AUSTIN, Texas A team of Arctic researchers led by the University of Texas Marine Science Institute's Ken Dunton will embark on a comprehensive study of the Hanna Shoal ecosystem in the Chukchi Sea off Alaska's northwest coast with a $5.6 million grant from the Bureau of Ocean Energy Management, Regulation and Enforcement (BOEMRE).
The oil industry is intensely interested in the Chukchi Sea and has plans to drill throughout the area.
"This important grant will help us continue studies we began in 2009, which demonstrated that an area known as the Hanna Shoal is an important biological ecosystem in the northern Chukchi Sea," said Dunton, a professor of marine science.

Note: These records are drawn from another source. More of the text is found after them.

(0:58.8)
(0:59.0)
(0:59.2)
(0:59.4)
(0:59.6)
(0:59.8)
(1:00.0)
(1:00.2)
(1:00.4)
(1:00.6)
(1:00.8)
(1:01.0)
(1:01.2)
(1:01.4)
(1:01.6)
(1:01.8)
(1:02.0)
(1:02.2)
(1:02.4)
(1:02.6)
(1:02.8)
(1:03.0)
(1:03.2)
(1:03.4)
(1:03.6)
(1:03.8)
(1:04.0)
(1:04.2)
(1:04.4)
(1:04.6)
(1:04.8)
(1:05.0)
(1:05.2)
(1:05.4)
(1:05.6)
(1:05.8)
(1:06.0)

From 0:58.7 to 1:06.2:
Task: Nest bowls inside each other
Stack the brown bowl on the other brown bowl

The main objectives of the study, which will be conducted from 2011 to 2016, are to identify and measure physical and biological processes that contribute to the high concentration of marine life in the Hanna Shoal area.
"We know the ecosystem is productive," Dunton said. "Now we are asking the questions of why is it so productive and how is it going to change with respect to climatic warming."

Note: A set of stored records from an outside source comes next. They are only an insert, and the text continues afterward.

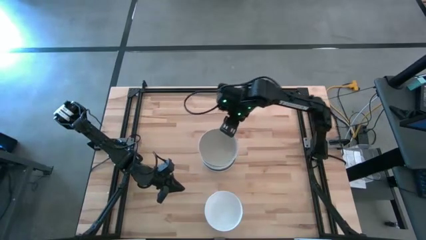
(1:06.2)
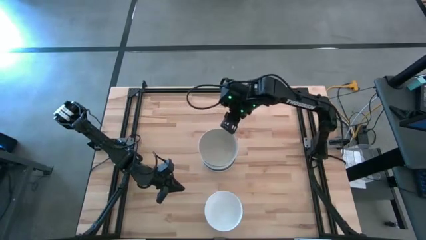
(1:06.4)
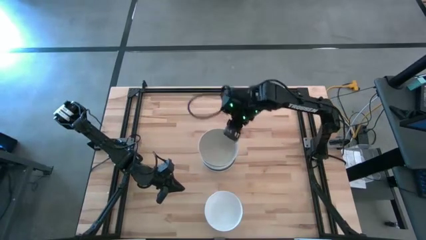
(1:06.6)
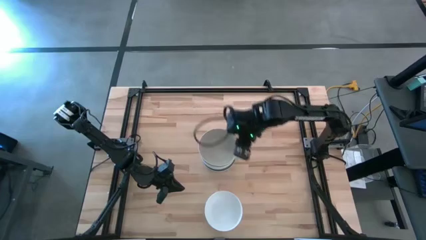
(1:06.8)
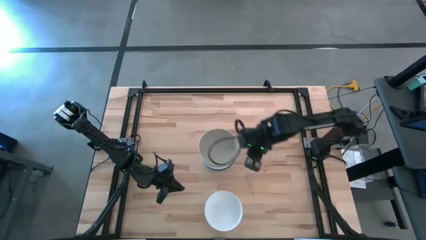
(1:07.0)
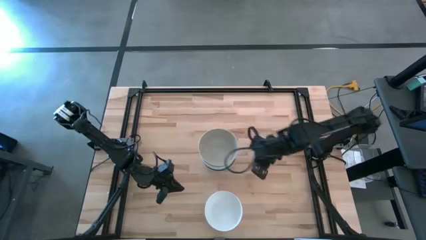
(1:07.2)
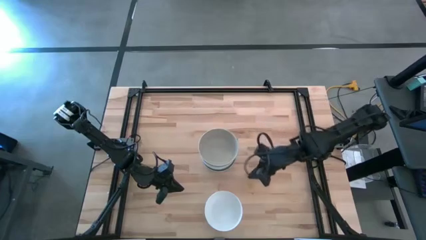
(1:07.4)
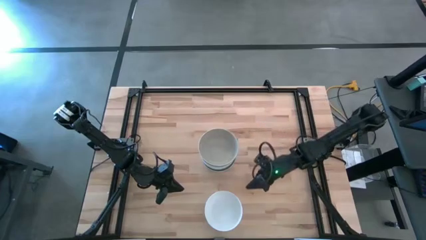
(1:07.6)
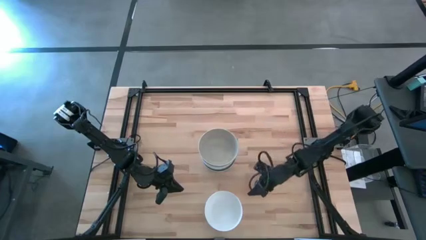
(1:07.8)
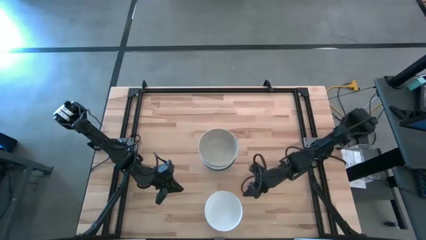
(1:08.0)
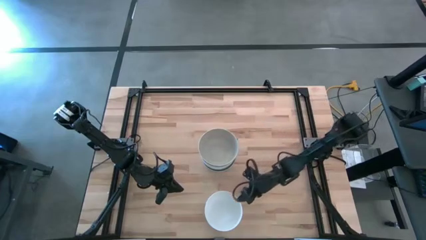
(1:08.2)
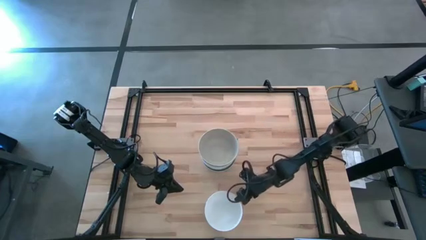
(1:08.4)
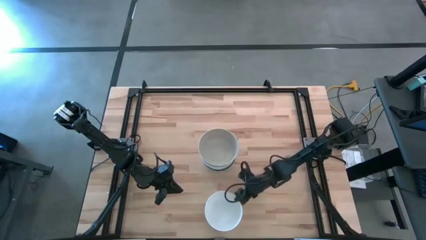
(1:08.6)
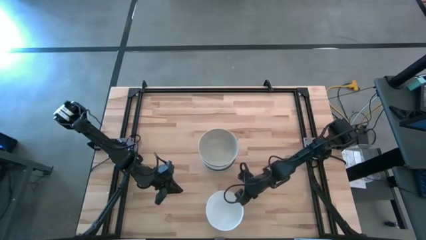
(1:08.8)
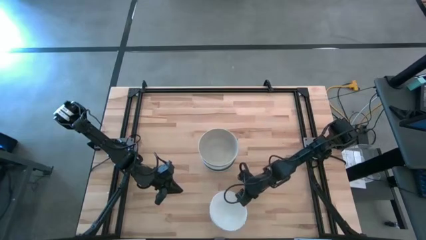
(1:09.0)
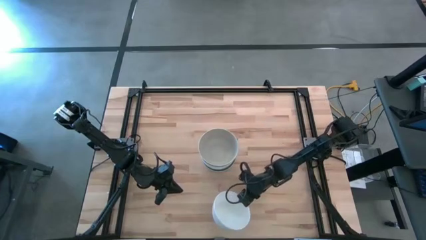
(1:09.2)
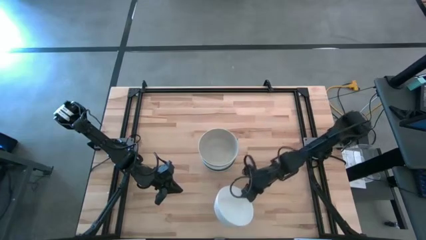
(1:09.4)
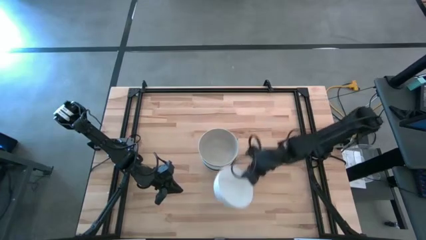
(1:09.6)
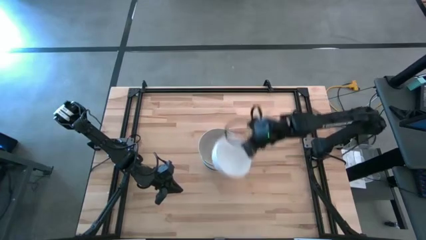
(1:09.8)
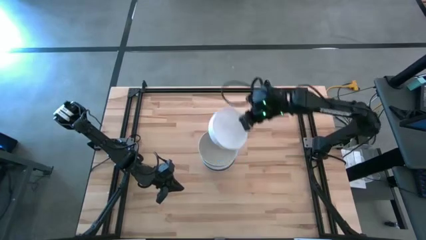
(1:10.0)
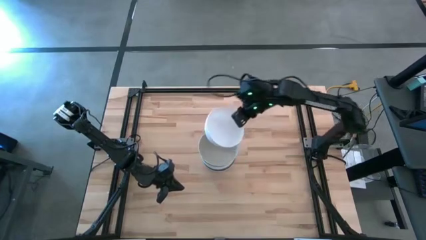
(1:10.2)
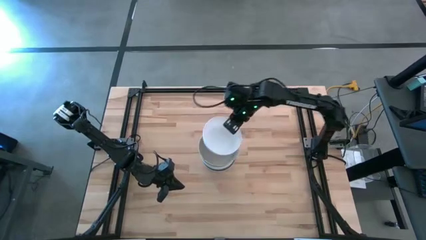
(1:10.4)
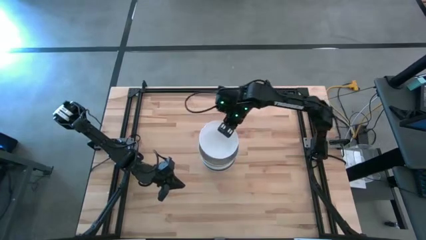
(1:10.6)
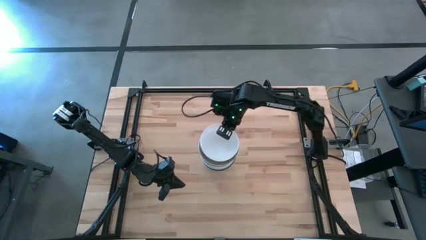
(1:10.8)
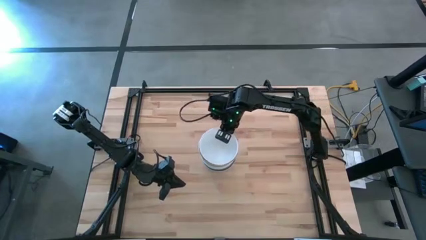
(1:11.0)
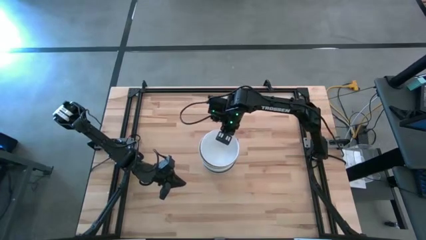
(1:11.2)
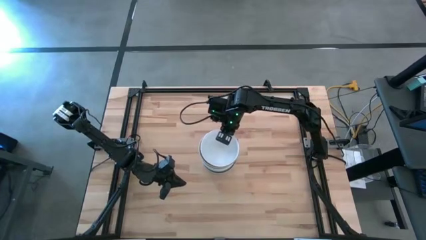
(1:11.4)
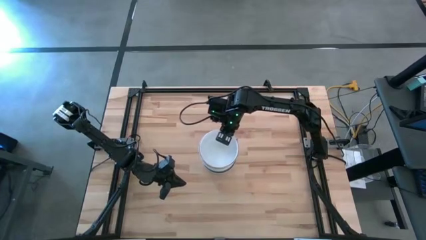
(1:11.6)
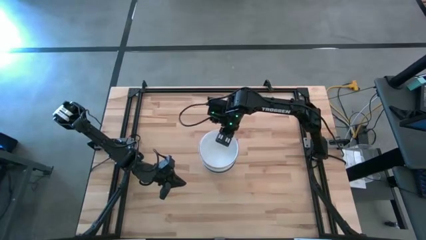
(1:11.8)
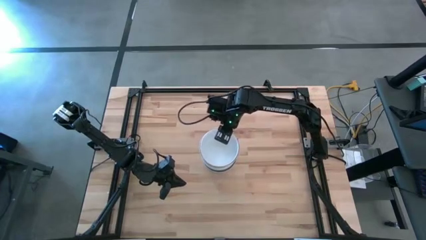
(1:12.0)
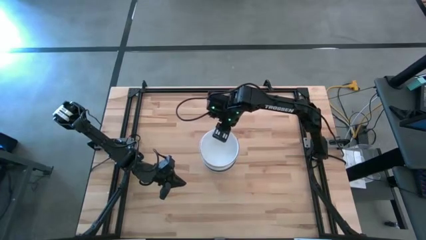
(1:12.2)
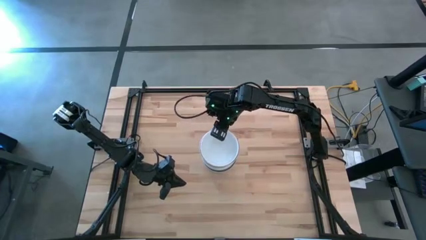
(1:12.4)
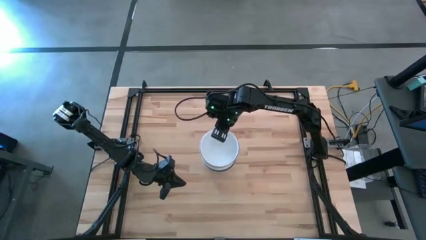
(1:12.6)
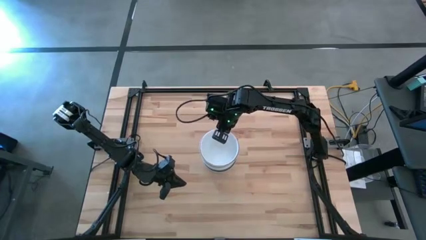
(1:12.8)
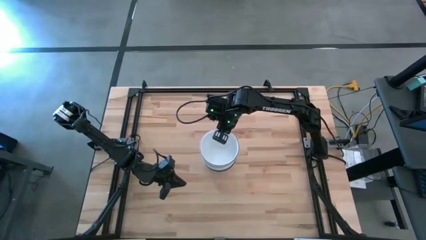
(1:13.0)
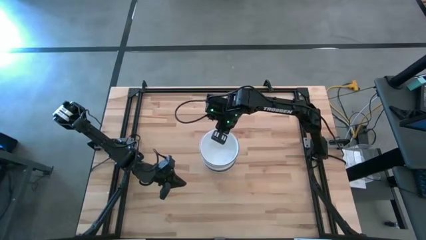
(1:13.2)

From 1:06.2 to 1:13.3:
Stack the white bowl on the brown bowl

The study will document ocean circulation, ice conditions and organisms living both on the bottom of the sea and in the water column, such as zooplankton. Bowhead whales depend on zooplankton for food and are valuable culturally to the native Inupiat people of the Arctic coast as part of their subsistence diet, along with seals, fish and walrus.
"Industry is ready to begin exploratory drilling, but they want as much information as possible to avoid having any obvious or measureable impacts on the local ecosystem," Dunton said. "Knowing the location of biologically sensitive areas is very valuable to the permit holders. The information we gather will allow BOEMRE to make better decisions on how best to recover oil and gas from in the Chukchi Sea at minimum risk to the Arctic ecosystem."